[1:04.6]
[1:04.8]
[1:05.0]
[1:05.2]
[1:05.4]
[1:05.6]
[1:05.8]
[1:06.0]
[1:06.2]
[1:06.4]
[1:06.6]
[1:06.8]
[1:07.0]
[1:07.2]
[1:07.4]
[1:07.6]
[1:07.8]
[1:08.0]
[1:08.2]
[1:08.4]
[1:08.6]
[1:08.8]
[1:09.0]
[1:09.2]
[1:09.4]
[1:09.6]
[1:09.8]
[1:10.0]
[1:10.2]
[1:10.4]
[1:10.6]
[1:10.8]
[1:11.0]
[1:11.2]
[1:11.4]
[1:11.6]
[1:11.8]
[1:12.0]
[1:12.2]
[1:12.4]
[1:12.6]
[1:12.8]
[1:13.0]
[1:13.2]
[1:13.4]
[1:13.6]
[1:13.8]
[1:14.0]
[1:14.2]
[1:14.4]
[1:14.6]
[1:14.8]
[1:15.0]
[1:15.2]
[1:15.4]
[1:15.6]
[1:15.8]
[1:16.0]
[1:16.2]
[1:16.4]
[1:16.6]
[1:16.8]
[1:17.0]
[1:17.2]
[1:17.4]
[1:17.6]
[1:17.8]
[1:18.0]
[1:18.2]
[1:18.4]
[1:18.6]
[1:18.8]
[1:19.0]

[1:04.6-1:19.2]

» Aim of the exercise
The entries shown above should be duplicated exactly.

» Answer for the task
[1:04.6]
[1:04.8]
[1:05.0]
[1:05.2]
[1:05.4]
[1:05.6]
[1:05.8]
[1:06.0]
[1:06.2]
[1:06.4]
[1:06.6]
[1:06.8]
[1:07.0]
[1:07.2]
[1:07.4]
[1:07.6]
[1:07.8]
[1:08.0]
[1:08.2]
[1:08.4]
[1:08.6]
[1:08.8]
[1:09.0]
[1:09.2]
[1:09.4]
[1:09.6]
[1:09.8]
[1:10.0]
[1:10.2]
[1:10.4]
[1:10.6]
[1:10.8]
[1:11.0]
[1:11.2]
[1:11.4]
[1:11.6]
[1:11.8]
[1:12.0]
[1:12.2]
[1:12.4]
[1:12.6]
[1:12.8]
[1:13.0]
[1:13.2]
[1:13.4]
[1:13.6]
[1:13.8]
[1:14.0]
[1:14.2]
[1:14.4]
[1:14.6]
[1:14.8]
[1:15.0]
[1:15.2]
[1:15.4]
[1:15.6]
[1:15.8]
[1:16.0]
[1:16.2]
[1:16.4]
[1:16.6]
[1:16.8]
[1:17.0]
[1:17.2]
[1:17.4]
[1:17.6]
[1:17.8]
[1:18.0]
[1:18.2]
[1:18.4]
[1:18.6]
[1:18.8]
[1:19.0]

[1:04.6-1:19.2]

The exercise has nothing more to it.